Repeat the lines below exactly as written, please, from the line with "What object is framed by [290,193,363,273]?" to the line with "Which thing does pixel (675, 338) show?", both lines included, and no others.

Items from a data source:
----------------------------------------

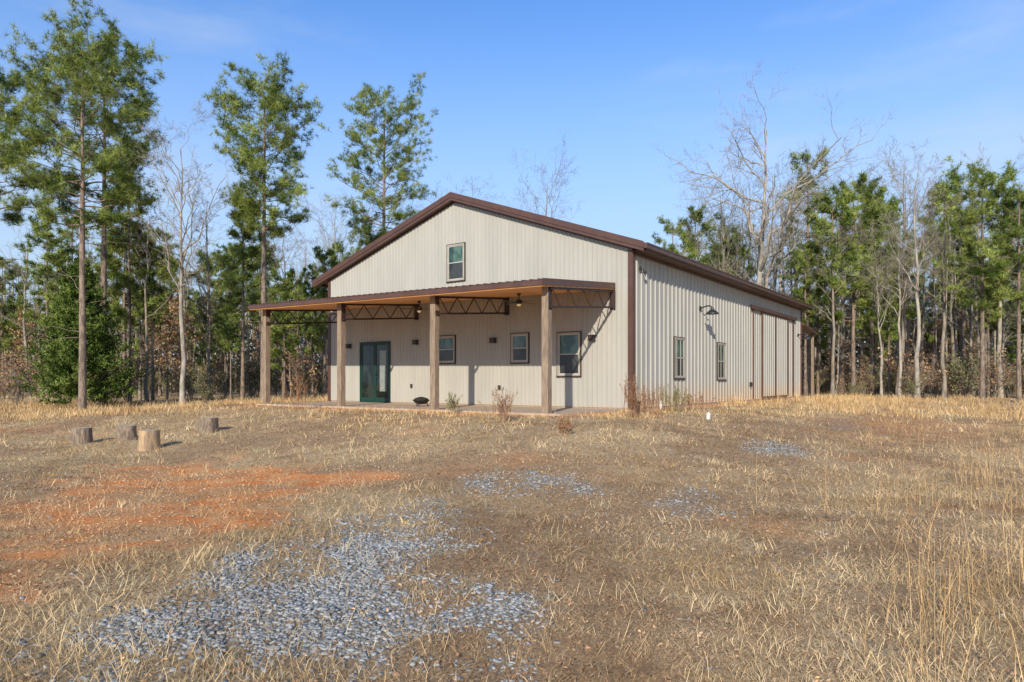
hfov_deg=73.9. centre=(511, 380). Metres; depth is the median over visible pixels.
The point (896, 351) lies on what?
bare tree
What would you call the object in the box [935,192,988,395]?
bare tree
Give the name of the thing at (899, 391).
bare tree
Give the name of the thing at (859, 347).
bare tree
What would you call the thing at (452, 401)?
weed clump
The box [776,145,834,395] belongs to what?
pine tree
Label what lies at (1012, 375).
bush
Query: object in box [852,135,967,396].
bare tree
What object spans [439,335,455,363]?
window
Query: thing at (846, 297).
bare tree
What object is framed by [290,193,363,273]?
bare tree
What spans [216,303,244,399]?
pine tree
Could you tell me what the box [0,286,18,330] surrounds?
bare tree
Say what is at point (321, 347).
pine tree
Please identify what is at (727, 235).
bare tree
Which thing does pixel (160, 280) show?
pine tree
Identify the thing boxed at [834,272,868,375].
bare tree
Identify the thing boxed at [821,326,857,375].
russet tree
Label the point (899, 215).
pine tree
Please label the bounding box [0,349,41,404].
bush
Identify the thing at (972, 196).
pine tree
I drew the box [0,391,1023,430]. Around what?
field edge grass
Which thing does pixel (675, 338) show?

----------------------------------------

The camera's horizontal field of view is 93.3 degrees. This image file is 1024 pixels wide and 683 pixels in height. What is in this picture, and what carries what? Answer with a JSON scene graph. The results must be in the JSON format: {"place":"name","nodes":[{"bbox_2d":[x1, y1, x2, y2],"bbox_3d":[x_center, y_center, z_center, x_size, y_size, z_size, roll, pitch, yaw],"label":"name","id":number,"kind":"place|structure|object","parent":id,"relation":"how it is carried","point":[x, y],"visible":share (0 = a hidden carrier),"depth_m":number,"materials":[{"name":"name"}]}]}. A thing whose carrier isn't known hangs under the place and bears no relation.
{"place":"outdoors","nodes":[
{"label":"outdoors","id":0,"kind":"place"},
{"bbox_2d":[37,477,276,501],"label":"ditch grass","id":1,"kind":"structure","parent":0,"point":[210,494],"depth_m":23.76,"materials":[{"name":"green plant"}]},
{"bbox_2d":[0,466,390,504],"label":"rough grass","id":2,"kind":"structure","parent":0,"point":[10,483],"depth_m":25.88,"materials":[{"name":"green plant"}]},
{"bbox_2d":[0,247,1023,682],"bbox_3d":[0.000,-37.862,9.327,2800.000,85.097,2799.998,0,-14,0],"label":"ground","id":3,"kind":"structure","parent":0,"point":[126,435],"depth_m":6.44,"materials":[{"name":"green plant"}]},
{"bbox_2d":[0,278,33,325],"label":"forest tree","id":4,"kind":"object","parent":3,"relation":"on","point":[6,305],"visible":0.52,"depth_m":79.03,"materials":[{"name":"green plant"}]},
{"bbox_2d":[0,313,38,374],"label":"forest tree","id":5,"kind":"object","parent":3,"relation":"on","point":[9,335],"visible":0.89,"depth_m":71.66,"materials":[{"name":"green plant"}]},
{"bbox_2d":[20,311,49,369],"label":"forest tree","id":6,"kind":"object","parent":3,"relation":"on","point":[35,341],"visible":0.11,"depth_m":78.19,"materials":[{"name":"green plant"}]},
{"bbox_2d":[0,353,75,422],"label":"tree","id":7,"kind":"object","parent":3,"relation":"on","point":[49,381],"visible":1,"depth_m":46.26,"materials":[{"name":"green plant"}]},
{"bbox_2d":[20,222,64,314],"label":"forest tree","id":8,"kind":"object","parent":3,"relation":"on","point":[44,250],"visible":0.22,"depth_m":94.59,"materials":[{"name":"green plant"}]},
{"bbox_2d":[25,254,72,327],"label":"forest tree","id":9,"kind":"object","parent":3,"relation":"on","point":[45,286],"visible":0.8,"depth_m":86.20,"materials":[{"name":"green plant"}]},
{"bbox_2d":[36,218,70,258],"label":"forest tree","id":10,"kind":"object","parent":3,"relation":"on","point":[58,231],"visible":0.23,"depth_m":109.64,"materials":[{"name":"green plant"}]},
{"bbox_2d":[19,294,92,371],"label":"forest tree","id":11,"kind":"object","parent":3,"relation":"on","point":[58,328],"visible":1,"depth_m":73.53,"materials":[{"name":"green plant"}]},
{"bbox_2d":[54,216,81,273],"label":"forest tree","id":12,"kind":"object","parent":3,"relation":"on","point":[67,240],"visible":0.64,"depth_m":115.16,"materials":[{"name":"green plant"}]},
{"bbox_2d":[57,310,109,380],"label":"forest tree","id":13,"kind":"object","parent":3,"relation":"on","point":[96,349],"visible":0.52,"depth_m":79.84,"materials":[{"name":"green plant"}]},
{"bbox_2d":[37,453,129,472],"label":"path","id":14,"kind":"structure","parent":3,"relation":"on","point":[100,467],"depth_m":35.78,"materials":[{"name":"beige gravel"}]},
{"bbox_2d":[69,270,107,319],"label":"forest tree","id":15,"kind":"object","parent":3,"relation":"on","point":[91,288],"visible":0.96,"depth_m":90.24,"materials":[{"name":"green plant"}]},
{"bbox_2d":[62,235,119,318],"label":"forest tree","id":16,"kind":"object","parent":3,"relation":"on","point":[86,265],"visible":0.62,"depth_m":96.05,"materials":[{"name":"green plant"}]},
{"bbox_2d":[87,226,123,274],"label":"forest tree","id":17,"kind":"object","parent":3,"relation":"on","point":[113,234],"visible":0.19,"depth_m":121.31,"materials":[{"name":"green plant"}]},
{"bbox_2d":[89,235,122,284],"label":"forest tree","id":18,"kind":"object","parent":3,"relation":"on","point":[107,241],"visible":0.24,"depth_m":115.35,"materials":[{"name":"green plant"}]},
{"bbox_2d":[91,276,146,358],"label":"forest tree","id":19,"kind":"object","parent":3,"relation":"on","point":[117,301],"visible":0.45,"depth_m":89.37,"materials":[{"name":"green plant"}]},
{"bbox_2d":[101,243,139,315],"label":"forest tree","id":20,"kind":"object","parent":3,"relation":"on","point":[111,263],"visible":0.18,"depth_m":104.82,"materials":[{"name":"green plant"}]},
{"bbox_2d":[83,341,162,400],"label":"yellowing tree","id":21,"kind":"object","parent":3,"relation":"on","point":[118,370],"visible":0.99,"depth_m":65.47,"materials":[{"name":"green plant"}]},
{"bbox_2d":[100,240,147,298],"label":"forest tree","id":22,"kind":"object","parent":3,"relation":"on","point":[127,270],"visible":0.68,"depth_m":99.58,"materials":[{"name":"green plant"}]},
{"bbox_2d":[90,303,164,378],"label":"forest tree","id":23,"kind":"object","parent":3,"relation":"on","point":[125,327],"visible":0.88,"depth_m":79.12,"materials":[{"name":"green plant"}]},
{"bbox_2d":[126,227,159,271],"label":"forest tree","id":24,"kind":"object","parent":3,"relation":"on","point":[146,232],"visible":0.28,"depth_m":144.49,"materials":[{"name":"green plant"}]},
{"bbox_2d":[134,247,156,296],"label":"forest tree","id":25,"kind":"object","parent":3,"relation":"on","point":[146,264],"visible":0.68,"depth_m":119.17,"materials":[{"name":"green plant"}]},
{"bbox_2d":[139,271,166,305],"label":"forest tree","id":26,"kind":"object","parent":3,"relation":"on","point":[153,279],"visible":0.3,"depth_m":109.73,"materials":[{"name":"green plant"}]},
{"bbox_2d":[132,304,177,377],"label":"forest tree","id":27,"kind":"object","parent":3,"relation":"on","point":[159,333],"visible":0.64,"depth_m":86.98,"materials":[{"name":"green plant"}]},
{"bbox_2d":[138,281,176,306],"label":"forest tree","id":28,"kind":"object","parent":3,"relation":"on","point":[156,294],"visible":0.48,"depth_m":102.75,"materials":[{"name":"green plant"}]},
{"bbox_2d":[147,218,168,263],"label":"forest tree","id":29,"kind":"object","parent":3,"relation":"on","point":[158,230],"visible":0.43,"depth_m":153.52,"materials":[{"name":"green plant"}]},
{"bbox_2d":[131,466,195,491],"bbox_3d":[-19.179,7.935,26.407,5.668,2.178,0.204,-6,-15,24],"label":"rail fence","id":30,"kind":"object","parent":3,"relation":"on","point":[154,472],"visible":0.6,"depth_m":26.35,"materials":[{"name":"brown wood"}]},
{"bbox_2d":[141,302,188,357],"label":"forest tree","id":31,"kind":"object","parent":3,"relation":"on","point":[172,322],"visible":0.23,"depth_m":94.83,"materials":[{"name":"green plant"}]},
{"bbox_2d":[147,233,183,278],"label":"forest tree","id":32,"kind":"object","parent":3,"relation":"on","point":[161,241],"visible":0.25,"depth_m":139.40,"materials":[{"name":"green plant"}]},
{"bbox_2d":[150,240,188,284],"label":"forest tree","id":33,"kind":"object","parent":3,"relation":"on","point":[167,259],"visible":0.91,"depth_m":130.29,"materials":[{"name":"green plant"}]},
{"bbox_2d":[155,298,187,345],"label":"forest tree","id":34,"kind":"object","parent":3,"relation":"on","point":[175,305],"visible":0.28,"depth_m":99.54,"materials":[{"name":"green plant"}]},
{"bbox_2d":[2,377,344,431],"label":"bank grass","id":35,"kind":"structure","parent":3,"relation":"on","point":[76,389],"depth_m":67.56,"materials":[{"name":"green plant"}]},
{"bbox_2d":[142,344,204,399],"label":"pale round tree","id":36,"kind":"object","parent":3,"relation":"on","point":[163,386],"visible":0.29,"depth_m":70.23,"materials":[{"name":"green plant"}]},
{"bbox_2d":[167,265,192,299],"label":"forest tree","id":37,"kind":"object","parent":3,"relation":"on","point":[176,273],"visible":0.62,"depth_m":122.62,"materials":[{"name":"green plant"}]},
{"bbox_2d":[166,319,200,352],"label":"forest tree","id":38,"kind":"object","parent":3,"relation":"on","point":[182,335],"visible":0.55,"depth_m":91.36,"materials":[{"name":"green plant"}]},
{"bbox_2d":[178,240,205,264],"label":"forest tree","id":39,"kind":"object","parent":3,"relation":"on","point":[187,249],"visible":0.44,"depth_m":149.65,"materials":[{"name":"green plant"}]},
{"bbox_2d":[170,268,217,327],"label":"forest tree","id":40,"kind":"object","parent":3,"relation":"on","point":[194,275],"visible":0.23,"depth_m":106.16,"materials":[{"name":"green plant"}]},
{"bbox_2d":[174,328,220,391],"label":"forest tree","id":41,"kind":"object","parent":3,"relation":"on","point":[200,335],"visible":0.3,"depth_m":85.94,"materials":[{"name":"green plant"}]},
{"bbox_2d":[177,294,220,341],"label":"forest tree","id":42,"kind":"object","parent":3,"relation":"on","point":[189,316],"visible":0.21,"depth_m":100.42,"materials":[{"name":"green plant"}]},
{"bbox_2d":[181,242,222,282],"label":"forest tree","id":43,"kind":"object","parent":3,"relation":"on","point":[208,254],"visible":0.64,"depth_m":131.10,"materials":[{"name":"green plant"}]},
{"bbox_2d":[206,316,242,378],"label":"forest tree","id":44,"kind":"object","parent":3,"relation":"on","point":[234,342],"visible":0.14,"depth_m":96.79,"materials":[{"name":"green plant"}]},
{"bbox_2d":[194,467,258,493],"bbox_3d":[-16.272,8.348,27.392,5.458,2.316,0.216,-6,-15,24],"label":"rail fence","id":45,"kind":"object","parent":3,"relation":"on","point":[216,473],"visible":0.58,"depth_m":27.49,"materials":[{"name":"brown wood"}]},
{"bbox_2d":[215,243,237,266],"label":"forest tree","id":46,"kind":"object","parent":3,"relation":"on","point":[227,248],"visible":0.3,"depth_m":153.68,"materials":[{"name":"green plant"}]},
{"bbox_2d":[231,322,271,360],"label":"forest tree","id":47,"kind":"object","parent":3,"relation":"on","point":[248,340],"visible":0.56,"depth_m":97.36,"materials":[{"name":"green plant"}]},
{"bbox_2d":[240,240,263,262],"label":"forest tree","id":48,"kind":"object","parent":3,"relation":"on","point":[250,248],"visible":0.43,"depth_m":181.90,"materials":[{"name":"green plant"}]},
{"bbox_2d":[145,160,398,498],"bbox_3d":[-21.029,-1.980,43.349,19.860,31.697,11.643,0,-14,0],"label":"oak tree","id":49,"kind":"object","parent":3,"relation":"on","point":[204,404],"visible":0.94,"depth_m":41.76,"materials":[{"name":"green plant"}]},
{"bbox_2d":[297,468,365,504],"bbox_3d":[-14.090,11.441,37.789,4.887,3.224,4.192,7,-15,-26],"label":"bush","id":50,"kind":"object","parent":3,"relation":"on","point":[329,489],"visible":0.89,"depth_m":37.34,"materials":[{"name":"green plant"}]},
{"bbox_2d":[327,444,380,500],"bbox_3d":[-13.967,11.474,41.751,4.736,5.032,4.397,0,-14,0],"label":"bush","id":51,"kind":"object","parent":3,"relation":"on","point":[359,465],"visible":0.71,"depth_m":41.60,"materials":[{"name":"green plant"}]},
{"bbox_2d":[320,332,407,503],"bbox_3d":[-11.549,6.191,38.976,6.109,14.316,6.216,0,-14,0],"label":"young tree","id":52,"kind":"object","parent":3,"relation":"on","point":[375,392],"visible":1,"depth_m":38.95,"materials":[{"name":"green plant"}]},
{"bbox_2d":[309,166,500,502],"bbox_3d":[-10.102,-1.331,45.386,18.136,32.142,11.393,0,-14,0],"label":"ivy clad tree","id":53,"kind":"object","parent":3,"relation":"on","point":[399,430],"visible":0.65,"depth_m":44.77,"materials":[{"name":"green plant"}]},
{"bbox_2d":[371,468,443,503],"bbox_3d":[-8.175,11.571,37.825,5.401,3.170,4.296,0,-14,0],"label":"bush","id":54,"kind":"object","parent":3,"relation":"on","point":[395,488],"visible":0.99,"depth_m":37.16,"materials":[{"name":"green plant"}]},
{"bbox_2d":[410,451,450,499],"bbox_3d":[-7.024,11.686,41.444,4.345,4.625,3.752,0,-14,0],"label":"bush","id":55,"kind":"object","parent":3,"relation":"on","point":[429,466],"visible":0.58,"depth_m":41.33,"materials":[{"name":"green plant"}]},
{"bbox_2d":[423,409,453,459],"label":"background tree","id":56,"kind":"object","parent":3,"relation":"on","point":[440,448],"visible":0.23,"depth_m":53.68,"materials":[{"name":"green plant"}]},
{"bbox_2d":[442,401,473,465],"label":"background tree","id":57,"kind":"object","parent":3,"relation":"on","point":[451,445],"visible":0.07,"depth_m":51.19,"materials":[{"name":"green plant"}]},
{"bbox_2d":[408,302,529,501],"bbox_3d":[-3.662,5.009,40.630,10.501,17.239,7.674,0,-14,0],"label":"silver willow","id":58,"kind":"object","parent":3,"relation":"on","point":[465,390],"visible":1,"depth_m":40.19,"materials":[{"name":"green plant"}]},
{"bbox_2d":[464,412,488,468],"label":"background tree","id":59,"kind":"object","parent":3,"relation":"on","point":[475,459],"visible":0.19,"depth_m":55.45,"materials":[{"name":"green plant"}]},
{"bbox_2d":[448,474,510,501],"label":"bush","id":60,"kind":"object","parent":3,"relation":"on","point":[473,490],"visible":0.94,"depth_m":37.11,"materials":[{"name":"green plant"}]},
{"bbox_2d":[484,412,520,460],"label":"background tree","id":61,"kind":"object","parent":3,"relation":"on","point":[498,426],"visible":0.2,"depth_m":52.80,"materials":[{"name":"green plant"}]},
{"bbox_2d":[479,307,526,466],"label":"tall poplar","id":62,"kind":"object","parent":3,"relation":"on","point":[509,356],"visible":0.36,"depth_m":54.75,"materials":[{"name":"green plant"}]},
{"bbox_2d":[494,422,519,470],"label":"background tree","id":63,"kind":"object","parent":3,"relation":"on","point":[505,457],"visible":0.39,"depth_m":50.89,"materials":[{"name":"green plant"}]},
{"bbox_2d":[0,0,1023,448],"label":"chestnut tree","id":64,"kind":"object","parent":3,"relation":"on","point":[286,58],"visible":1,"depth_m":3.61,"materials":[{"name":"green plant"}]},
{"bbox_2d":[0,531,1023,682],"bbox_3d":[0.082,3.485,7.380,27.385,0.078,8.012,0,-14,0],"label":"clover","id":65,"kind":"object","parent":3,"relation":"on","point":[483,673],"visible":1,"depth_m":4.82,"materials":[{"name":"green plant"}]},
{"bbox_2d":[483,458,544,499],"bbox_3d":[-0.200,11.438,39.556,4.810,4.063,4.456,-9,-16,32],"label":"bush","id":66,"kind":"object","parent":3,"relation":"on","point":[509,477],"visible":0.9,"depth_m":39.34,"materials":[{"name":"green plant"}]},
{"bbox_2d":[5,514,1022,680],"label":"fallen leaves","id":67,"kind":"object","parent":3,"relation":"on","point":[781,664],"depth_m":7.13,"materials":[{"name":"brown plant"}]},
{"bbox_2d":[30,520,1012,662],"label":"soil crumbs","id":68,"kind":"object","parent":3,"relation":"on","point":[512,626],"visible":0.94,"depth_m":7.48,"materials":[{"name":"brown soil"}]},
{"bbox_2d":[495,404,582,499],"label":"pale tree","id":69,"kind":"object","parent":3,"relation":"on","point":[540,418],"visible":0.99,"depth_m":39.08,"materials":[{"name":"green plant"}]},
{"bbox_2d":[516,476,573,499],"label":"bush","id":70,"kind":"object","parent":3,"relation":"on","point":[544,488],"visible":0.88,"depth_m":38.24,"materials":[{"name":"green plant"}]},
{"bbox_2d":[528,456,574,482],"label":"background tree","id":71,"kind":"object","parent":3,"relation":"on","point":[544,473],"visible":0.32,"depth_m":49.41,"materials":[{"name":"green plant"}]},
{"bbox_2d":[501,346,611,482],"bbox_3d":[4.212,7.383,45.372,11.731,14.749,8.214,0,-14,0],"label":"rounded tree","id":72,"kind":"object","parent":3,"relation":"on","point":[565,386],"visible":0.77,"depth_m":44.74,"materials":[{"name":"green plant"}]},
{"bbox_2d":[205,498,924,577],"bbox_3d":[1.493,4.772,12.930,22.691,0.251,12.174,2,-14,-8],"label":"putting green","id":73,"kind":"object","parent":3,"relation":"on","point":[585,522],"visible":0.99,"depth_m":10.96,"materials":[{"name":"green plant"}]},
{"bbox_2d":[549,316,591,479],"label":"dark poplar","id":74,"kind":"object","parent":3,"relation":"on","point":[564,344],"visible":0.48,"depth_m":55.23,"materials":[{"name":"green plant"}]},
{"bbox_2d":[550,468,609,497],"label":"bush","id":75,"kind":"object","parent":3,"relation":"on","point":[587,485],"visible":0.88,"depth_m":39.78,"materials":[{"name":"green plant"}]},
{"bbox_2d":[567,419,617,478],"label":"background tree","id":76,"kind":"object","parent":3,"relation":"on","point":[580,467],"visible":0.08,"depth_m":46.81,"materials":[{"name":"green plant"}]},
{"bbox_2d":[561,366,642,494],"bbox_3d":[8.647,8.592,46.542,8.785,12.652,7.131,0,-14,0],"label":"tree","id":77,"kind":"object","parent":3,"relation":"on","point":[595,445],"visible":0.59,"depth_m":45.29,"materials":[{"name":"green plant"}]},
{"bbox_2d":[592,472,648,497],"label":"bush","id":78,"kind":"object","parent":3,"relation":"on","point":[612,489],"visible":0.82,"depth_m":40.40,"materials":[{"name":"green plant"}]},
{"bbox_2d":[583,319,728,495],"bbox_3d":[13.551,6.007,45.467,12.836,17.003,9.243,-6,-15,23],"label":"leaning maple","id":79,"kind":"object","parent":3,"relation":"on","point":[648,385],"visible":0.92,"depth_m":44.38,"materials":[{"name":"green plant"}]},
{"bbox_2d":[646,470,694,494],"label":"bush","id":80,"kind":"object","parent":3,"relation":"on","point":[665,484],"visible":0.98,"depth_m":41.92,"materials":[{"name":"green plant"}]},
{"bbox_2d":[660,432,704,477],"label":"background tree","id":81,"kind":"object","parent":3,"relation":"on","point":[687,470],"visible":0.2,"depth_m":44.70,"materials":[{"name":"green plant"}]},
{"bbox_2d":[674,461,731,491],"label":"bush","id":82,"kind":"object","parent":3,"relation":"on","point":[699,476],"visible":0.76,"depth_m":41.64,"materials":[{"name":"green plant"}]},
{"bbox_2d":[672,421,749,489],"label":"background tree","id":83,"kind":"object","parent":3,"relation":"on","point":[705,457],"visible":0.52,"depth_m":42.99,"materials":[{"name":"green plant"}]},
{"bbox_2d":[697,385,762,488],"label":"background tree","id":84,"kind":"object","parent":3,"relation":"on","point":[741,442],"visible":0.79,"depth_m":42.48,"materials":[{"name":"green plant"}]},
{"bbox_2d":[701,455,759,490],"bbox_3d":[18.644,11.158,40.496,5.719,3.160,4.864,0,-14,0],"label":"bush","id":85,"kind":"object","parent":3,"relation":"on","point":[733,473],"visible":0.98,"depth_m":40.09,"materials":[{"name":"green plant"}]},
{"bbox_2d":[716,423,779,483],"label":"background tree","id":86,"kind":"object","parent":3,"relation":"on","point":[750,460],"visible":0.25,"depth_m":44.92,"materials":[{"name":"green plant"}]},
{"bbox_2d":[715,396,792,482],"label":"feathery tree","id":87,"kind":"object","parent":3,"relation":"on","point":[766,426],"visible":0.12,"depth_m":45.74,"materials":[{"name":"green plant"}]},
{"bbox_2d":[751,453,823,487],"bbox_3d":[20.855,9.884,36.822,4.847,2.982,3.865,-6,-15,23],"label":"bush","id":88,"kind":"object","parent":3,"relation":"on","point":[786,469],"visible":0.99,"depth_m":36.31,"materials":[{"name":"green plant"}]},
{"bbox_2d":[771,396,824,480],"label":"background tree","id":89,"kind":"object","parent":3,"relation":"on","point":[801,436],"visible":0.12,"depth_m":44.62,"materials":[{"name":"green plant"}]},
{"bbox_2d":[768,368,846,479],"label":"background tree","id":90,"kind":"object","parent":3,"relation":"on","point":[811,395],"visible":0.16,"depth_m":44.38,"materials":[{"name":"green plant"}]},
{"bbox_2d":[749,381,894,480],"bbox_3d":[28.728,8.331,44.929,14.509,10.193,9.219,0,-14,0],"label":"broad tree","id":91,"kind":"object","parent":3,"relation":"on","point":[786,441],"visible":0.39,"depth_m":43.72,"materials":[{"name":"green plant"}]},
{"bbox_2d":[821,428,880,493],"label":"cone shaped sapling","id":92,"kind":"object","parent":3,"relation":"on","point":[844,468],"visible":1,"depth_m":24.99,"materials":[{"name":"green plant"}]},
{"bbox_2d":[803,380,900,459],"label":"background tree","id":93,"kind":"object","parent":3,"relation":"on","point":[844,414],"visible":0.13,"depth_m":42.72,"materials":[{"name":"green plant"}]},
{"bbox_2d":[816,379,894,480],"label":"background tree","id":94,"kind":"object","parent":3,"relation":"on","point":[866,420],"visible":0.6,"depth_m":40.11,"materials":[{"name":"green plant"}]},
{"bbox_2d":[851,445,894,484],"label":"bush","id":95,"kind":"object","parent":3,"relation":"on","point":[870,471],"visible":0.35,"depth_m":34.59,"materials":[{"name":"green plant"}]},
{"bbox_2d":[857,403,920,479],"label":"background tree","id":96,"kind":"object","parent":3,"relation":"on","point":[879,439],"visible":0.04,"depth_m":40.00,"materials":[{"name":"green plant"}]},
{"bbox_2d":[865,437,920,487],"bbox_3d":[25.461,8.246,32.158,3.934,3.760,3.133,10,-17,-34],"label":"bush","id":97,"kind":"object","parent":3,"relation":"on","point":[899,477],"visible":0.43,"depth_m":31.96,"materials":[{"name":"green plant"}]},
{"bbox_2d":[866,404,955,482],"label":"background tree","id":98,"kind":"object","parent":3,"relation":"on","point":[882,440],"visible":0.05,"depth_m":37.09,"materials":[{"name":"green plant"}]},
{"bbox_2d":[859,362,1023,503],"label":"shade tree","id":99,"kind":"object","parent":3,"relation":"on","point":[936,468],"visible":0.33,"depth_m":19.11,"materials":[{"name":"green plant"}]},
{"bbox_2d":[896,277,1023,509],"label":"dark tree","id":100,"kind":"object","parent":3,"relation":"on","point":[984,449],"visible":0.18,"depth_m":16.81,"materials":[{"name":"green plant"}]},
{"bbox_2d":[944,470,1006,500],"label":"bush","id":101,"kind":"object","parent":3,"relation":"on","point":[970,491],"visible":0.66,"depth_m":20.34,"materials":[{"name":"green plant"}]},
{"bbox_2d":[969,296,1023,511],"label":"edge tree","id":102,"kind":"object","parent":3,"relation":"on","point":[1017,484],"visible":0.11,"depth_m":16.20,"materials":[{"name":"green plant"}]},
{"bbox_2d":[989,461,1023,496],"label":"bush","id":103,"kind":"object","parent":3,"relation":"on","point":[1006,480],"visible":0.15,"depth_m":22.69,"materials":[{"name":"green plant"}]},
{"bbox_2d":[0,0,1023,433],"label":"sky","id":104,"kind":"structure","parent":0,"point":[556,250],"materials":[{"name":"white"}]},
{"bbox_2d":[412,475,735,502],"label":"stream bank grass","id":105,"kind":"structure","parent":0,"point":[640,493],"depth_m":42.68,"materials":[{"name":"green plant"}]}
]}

----------------------------------------

**EXERCISE OUTPUT**
What object is framed by [290,193,363,273]?
bare tree
What spans [216,303,244,399]?
pine tree
Could you tell me what the box [0,286,18,330] surrounds?
bare tree
Say what is at point (321, 347).
pine tree
Please identify what is at (727, 235).
bare tree
Which thing does pixel (160, 280) show?
pine tree
Identify the thing boxed at [834,272,868,375].
bare tree
Identify the thing boxed at [821,326,857,375].
russet tree
Label the point (899, 215).
pine tree
Please label the bounding box [0,349,41,404].
bush
Identify the thing at (972, 196).
pine tree
I drew the box [0,391,1023,430]. Around what?
field edge grass
Which thing does pixel (675, 338) show?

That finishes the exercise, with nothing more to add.